En el 2005 tuve oportunidad de colaborar con una serie de breves apuntes biográficos sobre ciertas mujeres notables, integrantes de la selección mundial de mil activistas políticas que aquel año fueron proclamadas de manera conjunta como merecedoras al Nobel de la Paz. Las muchachas no ganaron el premio, pero el proyecto 1000 Peace Women Across the Globe continuó, y entre sus actividades posteriores se encuentra la publicación de un libro donde están reunidas cada una de las biografías que escritores de los cinco continentes ayudamos a confeccionar. El libro gordo de 2208 páginas en inglés contiene traducidas mis siete pequeñas serenatas diurnas, entre ellas la que me tocó dedicarle a Gladys Marín.

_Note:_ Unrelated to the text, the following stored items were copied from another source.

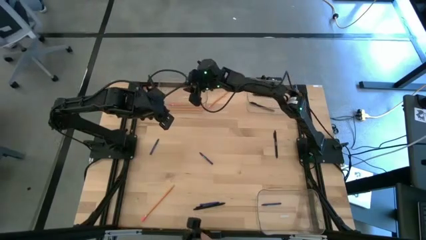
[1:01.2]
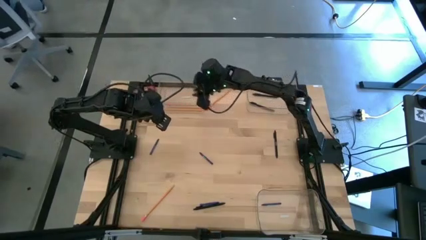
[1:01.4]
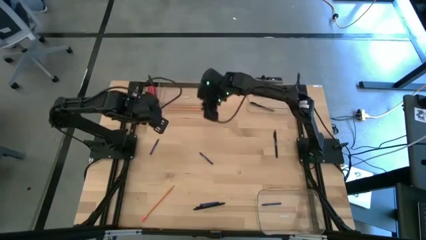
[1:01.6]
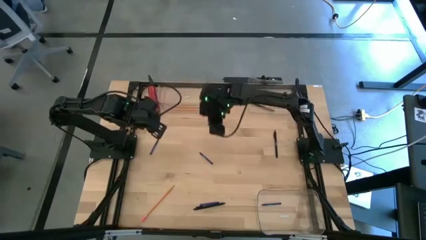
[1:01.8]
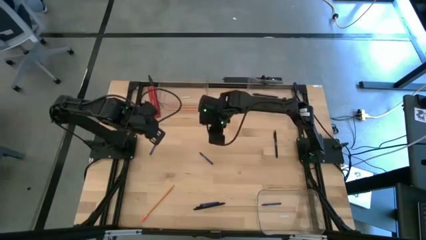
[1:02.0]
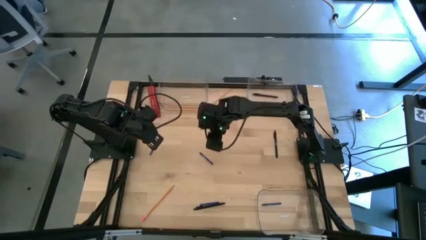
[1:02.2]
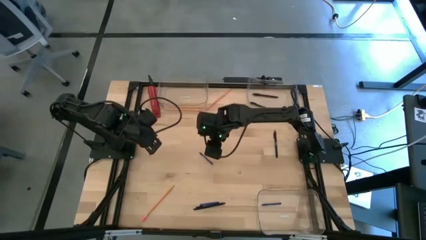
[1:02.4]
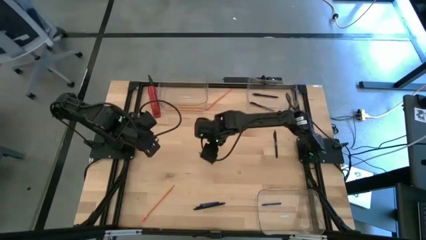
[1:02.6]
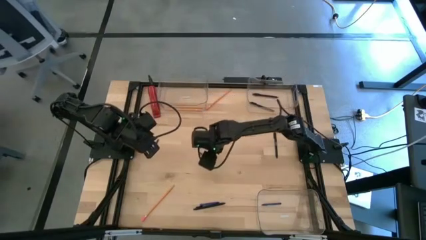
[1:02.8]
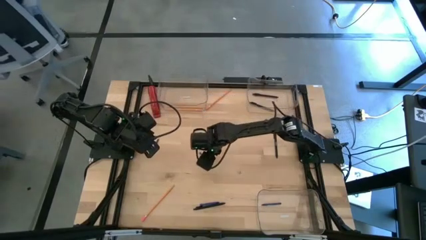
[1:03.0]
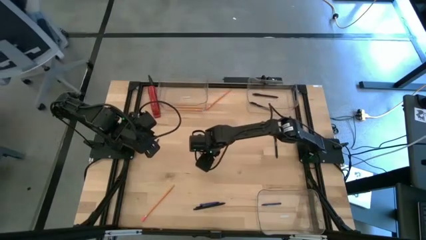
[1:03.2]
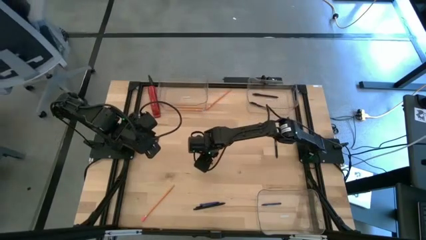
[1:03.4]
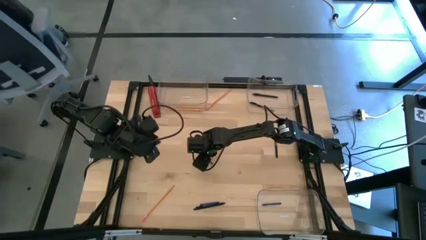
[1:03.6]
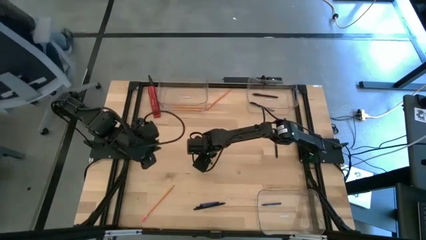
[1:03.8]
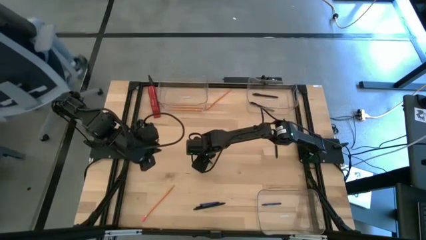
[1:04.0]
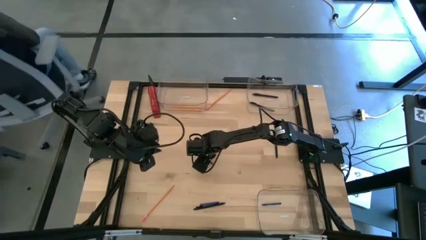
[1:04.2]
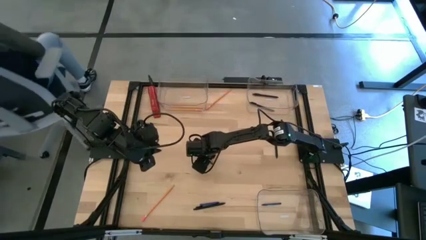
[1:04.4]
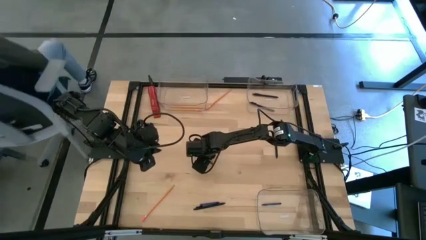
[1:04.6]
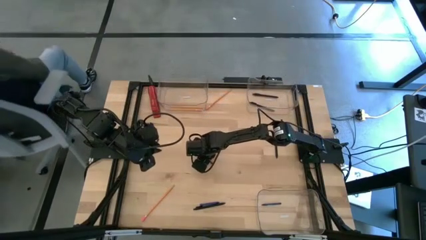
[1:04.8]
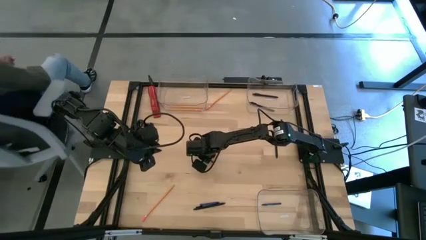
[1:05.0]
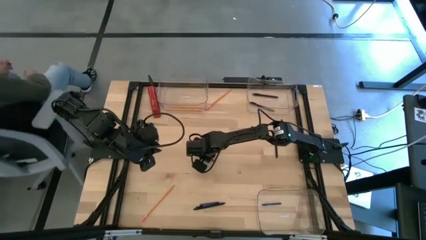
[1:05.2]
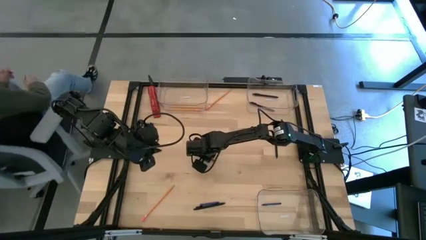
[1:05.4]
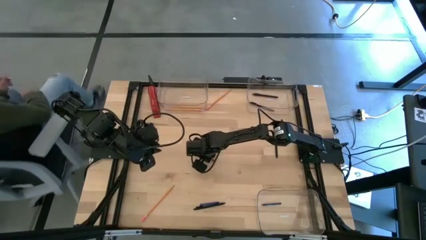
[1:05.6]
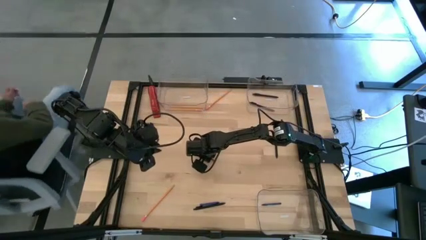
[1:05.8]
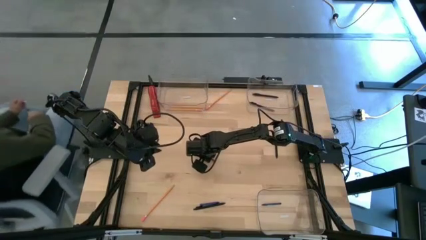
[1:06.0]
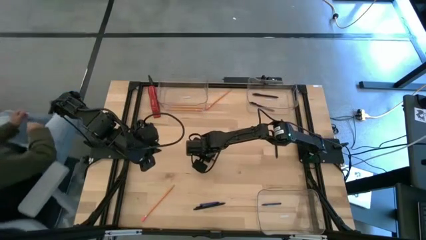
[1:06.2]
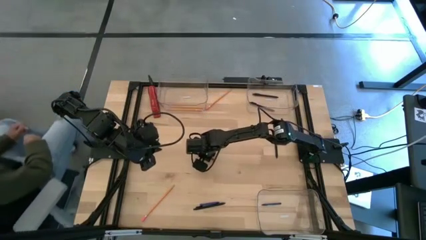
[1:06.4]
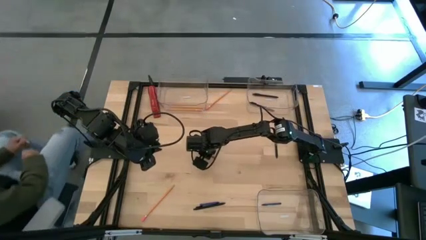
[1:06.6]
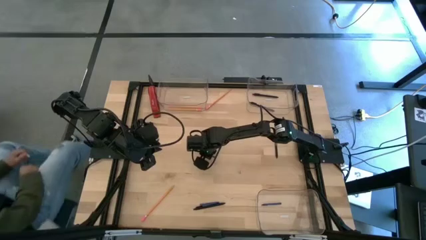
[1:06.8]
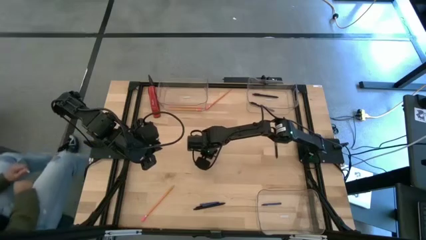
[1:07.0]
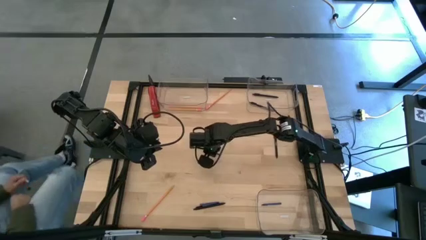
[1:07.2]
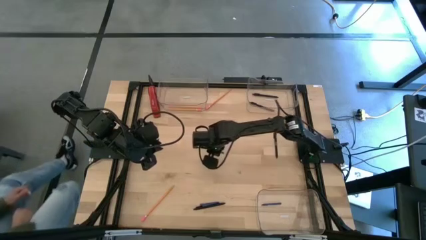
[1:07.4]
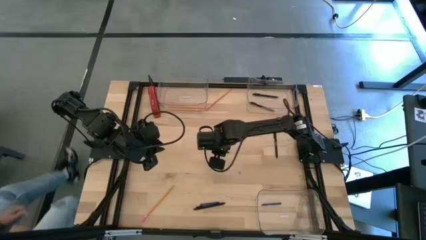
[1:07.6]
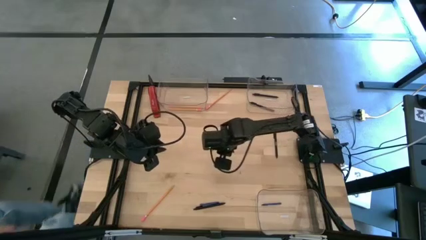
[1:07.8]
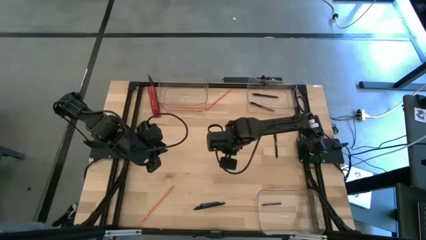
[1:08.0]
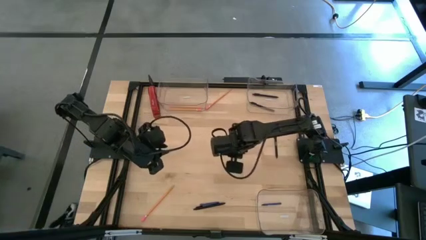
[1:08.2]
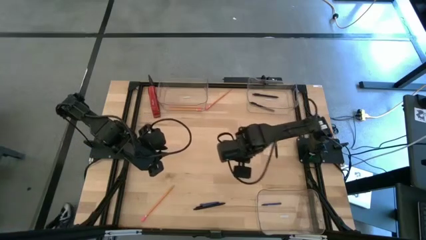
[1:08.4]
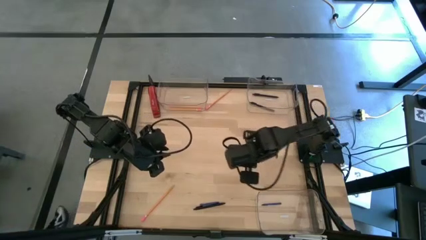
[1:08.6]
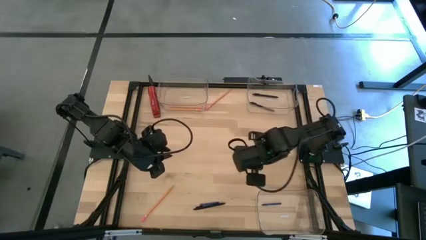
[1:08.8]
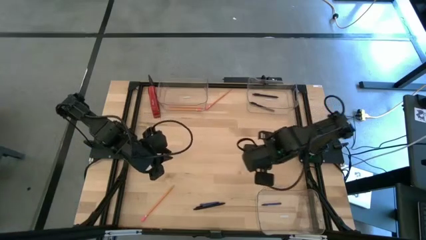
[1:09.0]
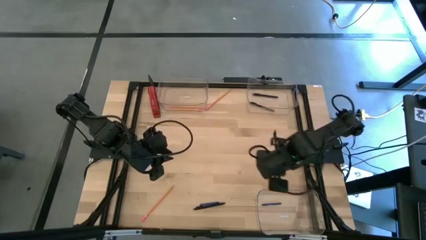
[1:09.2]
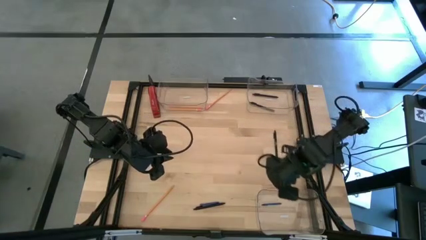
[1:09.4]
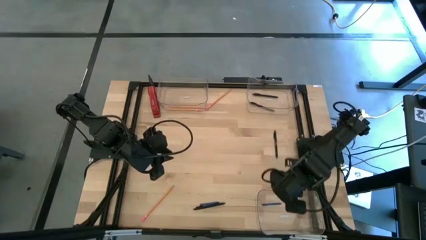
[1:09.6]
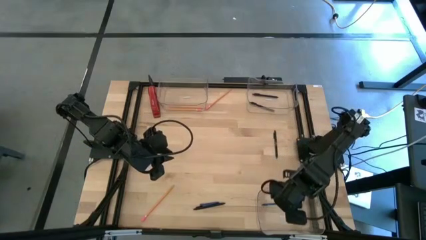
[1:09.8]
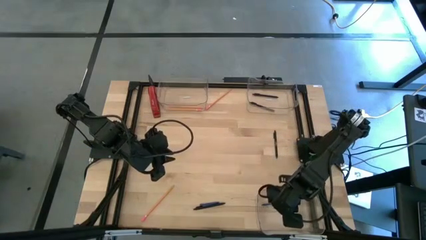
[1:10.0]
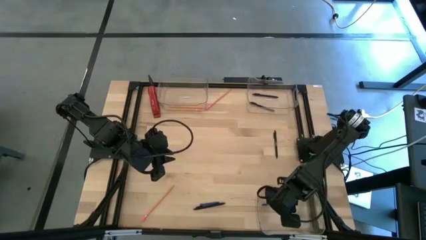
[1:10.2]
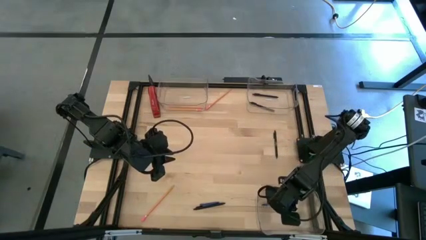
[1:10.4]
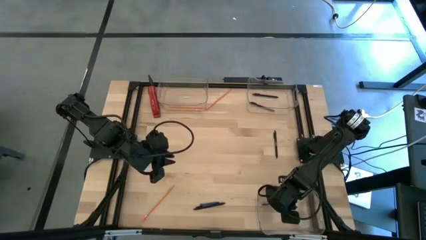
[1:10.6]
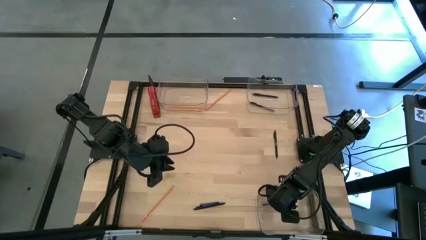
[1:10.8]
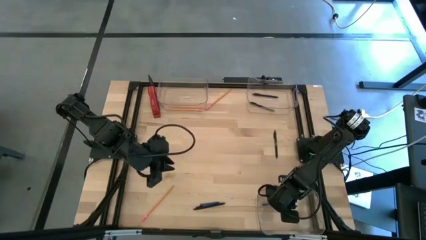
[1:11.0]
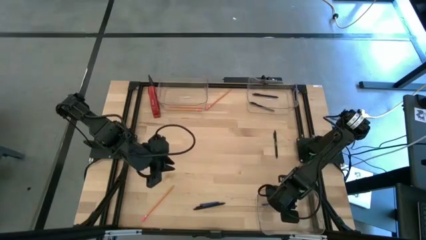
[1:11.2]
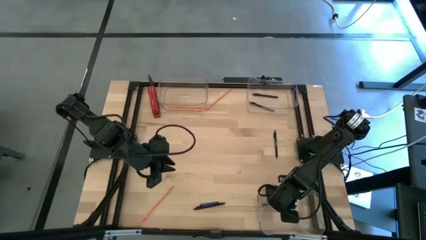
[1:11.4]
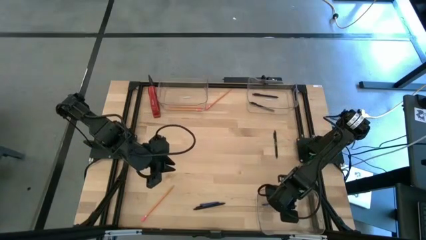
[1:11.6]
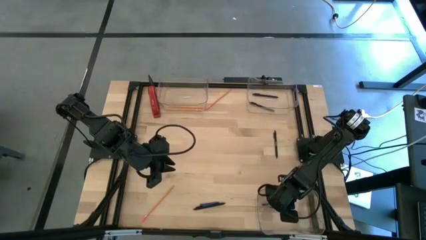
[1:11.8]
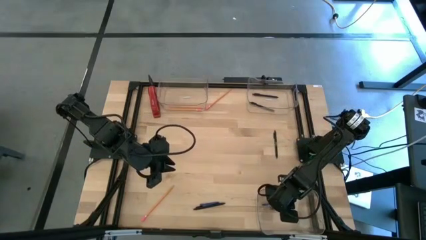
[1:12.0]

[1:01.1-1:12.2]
Put the blue crayon into the bottom transparent bin

Gladys Marín's footprint remains. It is in the people of her country and in the world that admired her leadership, just as they admired the fighting spirit that sustained her, in the struggle against the tyranny that devastated Chile from 1973 to 1990. It was the same spirit that gave her the strength to overcome the pain of exile, of knowing that her husband had disappeared, of being far away from her two sons. She believed that, the ideals of justice, peace and solidarity, the ideals of communism, are going to destroy the awful myths propagated against the left-wing movement.
“Gladys´
life happened along with the life of Chile. There are no events in these
decades that do not involve mutual footprints”. This text was written by composer
and singer Silvio Rodríguez in the preface to the Cuban edition of Life is today, her autobiography,
published in 2003. She was born in 1941, in Curepto, a region of Chile. At age
11, she went alone to Santiago to study at the Normal School: “In 1958, I
joined the Communist Youth, where I found my ideals of social justice, peace
and solidarity”. She was elected a Member of
Parliament in 1965. Her second mandate was interrupted in 1973 by the military
coup led by General Augusto Pinochet, which brought down the government of the
United Popular Party of President Salvador Allende. Escaping from hell,
separated from her children and husband, she was obliged to go into exile in
Europe. “In 1976, when I was in Costa Rica working for the Chilean resistance,
I knew that my husband was captured by the forces of repression. He never, ever
reappeared”. In 1978, Gladys returned
clandestinely to Chile as part of Return Operation. “I had Spanish papers and a
Spanish accent and I was wearing braces and false hips and breasts to make me
look fatter”. After the return of democracy, in 1994, she was elected
General Secretary of the Communist Party, and, in 1999, she was the first woman
to be a candidate for the presidency of Chile. She was also the first person to
take action against Augusto Pinochet and help achieve his eventual detention in
London. In 2003, Gladys Marín was diagnosed as having a brain tumor. She still
had the strength to say “goodbye to my people and my compañeros”. In March
2005, a crowd that was even joined by the country's president, Ricardo Lagos,
said a moving goodbye to her on the streets of Santiago.